**WHAT IS REQUIRED**: Would you please reproduce all the entries word for word, minus the pictures?

**DATA SHOWN**:
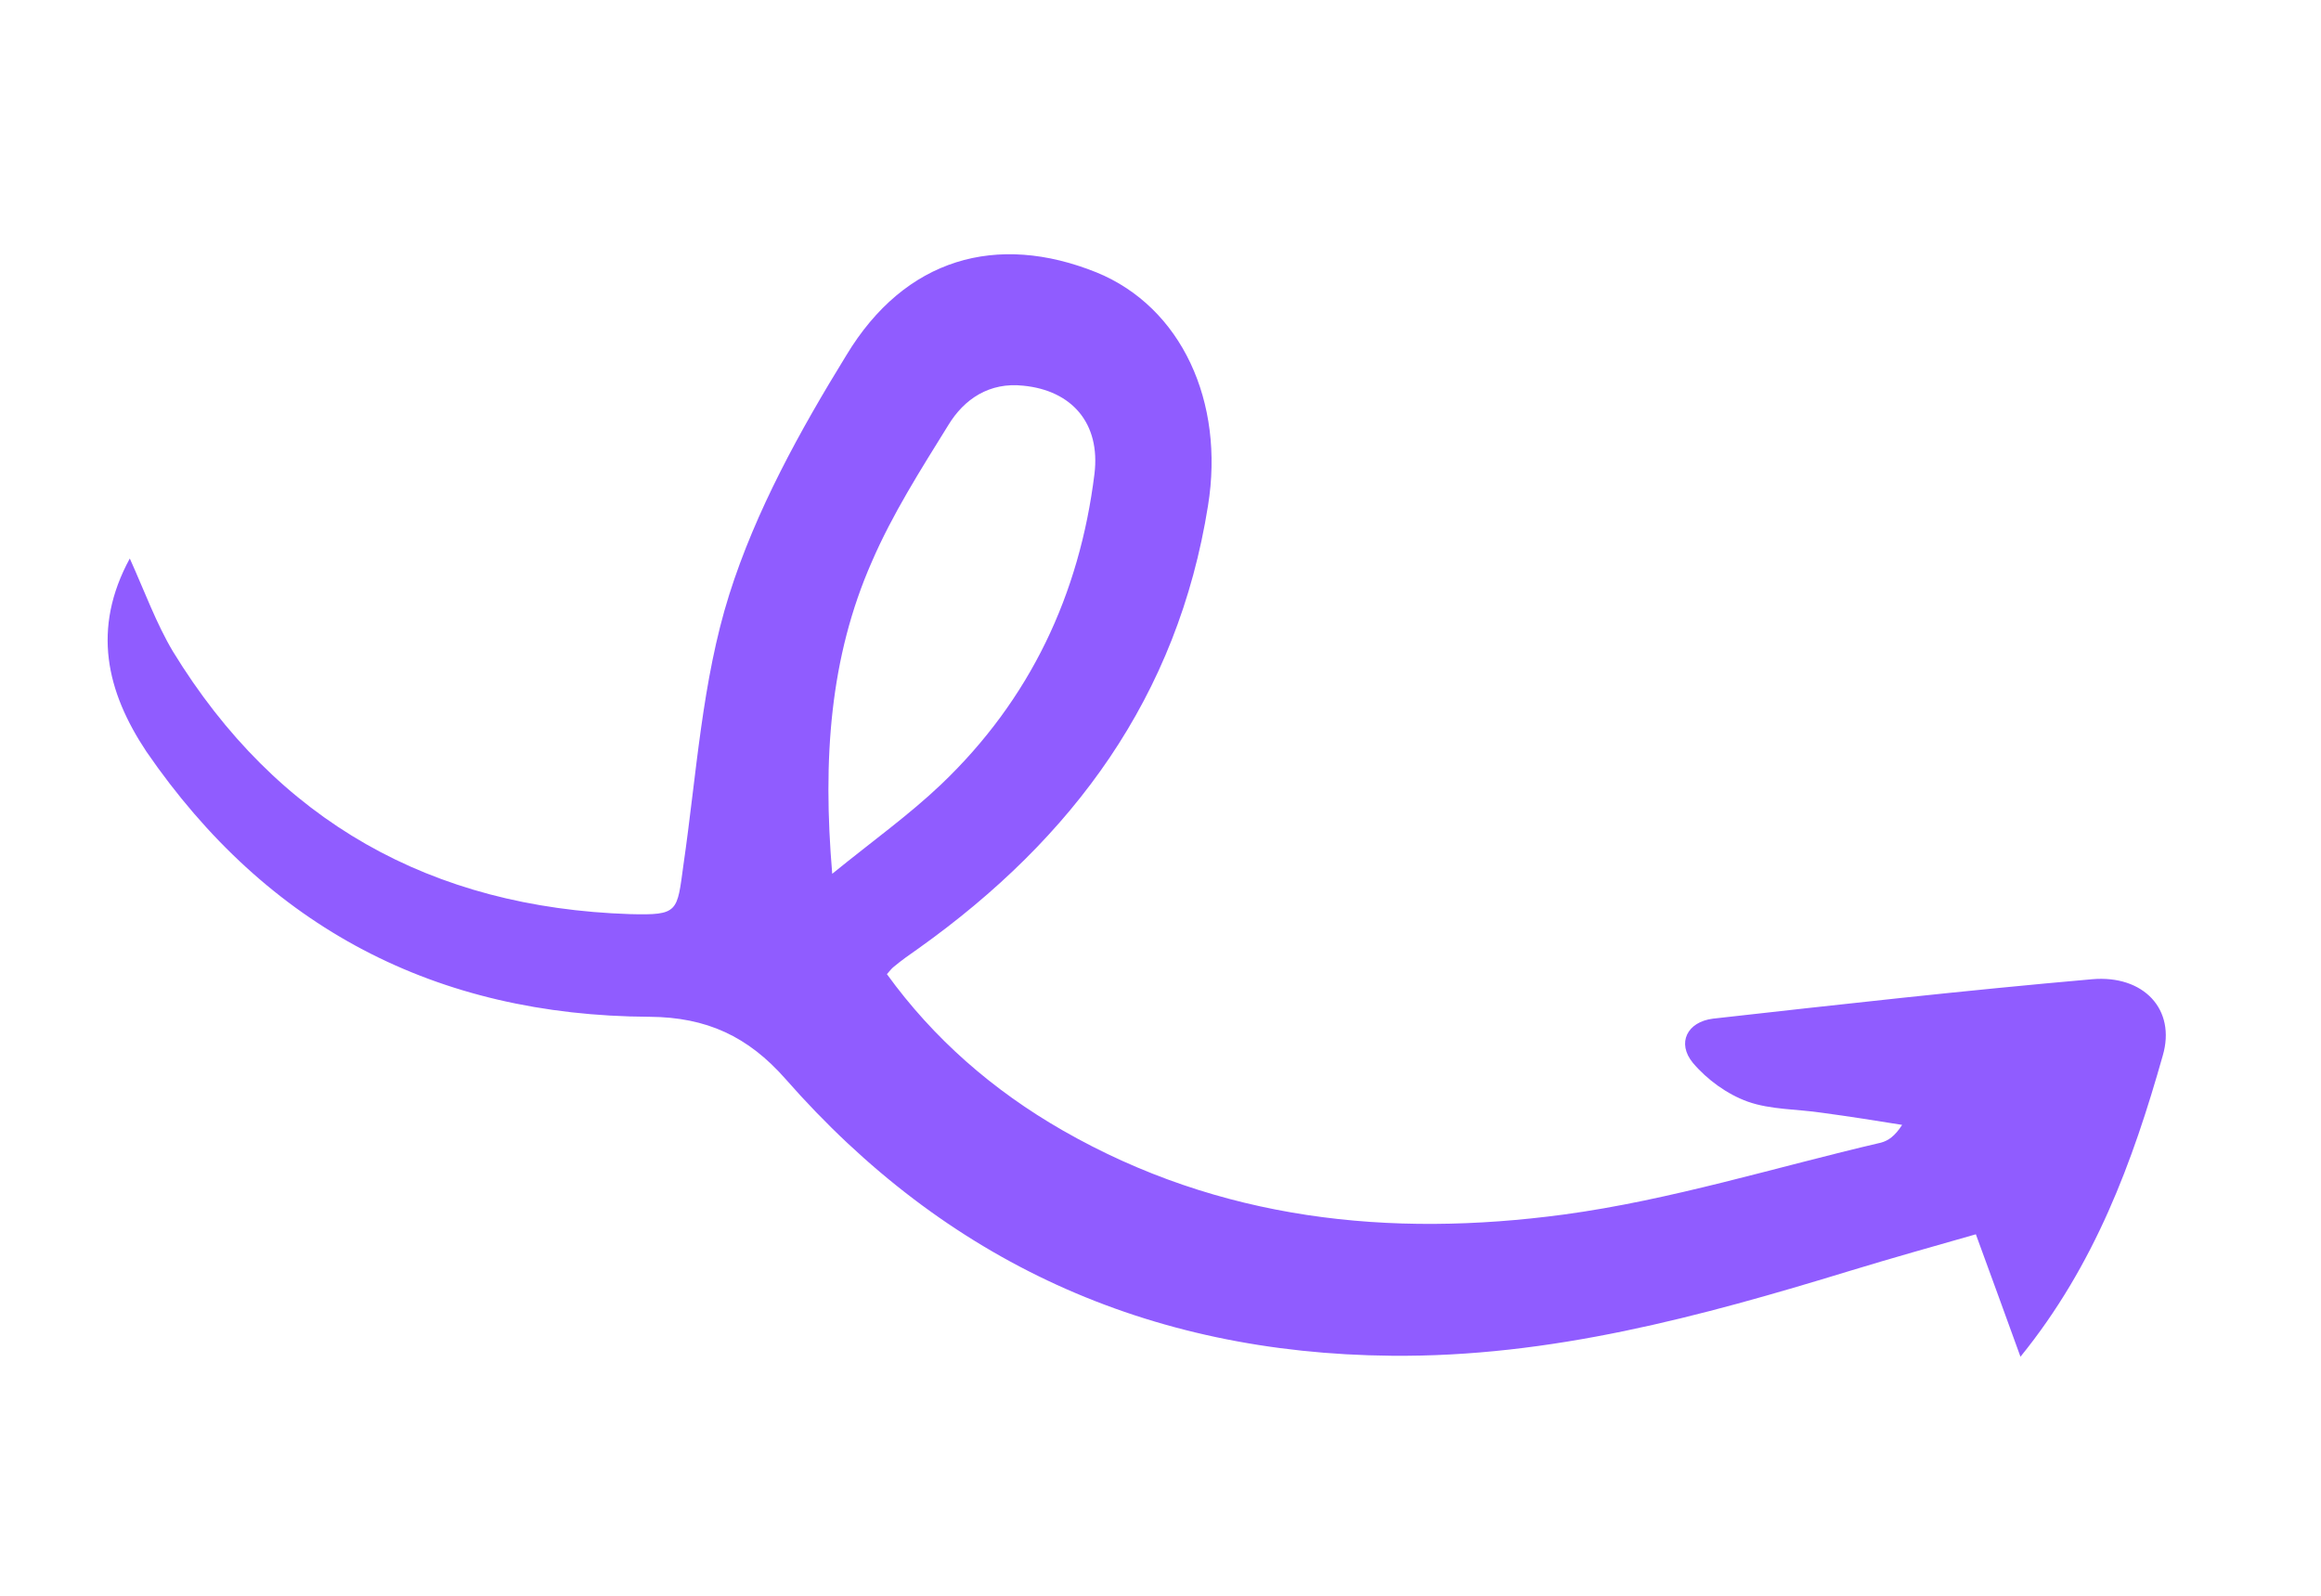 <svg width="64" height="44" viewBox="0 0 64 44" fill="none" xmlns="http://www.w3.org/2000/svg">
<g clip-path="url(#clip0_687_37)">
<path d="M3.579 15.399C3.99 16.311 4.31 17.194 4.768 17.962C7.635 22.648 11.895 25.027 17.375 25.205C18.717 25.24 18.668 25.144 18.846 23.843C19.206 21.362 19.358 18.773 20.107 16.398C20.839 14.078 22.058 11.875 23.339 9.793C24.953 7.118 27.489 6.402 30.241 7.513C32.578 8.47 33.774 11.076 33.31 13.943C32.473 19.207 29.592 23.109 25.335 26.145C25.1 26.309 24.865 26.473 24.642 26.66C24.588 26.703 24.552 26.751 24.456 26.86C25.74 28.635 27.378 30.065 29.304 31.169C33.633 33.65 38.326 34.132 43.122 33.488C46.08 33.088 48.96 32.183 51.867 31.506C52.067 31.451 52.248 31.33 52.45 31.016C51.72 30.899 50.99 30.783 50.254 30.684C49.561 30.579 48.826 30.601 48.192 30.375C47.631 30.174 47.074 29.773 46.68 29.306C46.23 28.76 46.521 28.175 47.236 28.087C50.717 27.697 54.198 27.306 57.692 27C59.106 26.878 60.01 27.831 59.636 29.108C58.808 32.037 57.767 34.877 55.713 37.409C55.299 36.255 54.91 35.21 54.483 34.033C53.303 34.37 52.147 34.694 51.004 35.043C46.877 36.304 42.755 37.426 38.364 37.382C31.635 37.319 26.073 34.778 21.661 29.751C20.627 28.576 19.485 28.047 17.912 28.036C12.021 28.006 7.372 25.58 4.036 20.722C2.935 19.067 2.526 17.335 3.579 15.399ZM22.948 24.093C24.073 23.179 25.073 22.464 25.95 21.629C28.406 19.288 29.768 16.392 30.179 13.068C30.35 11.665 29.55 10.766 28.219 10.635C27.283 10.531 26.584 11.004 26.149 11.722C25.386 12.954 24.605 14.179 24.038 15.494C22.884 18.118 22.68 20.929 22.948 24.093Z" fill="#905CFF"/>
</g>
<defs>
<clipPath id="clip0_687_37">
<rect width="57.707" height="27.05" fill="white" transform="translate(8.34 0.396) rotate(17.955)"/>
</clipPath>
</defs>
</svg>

**RESPONSE AREA**:
 <svg width="64" height="44" viewBox="0 0 64 44" fill="none" xmlns="http://www.w3.org/2000/svg">
<g clip-path="url(#clip0_687_37)">
<path d="M3.579 15.399C3.99 16.311 4.31 17.194 4.768 17.962C7.635 22.648 11.895 25.027 17.375 25.205C18.717 25.24 18.668 25.144 18.846 23.843C19.206 21.362 19.358 18.773 20.107 16.398C20.839 14.078 22.058 11.875 23.339 9.793C24.953 7.118 27.489 6.402 30.241 7.513C32.578 8.47 33.774 11.076 33.31 13.943C32.473 19.207 29.592 23.109 25.335 26.145C25.1 26.309 24.865 26.473 24.642 26.66C24.588 26.703 24.552 26.751 24.456 26.86C25.74 28.635 27.378 30.065 29.304 31.169C33.633 33.65 38.326 34.132 43.122 33.488C46.08 33.088 48.96 32.183 51.867 31.506C52.067 31.451 52.248 31.33 52.45 31.016C51.72 30.899 50.99 30.783 50.254 30.684C49.561 30.579 48.826 30.601 48.192 30.375C47.631 30.174 47.074 29.773 46.68 29.306C46.23 28.76 46.521 28.175 47.236 28.087C50.717 27.697 54.198 27.306 57.692 27C59.106 26.878 60.01 27.831 59.636 29.108C58.808 32.037 57.767 34.877 55.713 37.409C55.299 36.255 54.91 35.21 54.483 34.033C53.303 34.37 52.147 34.694 51.004 35.043C46.877 36.304 42.755 37.426 38.364 37.382C31.635 37.319 26.073 34.778 21.661 29.751C20.627 28.576 19.485 28.047 17.912 28.036C12.021 28.006 7.372 25.58 4.036 20.722C2.935 19.067 2.526 17.335 3.579 15.399ZM22.948 24.093C24.073 23.179 25.073 22.464 25.95 21.629C28.406 19.288 29.768 16.392 30.179 13.068C30.35 11.665 29.55 10.766 28.219 10.635C27.283 10.531 26.584 11.004 26.149 11.722C25.386 12.954 24.605 14.179 24.038 15.494C22.884 18.118 22.68 20.929 22.948 24.093Z" fill="#905CFF"/>
</g>
<defs>
<clipPath id="clip0_687_37">
<rect width="57.707" height="27.05" fill="white" transform="translate(8.34 0.396) rotate(17.955)"/>
</clipPath>
</defs>
</svg>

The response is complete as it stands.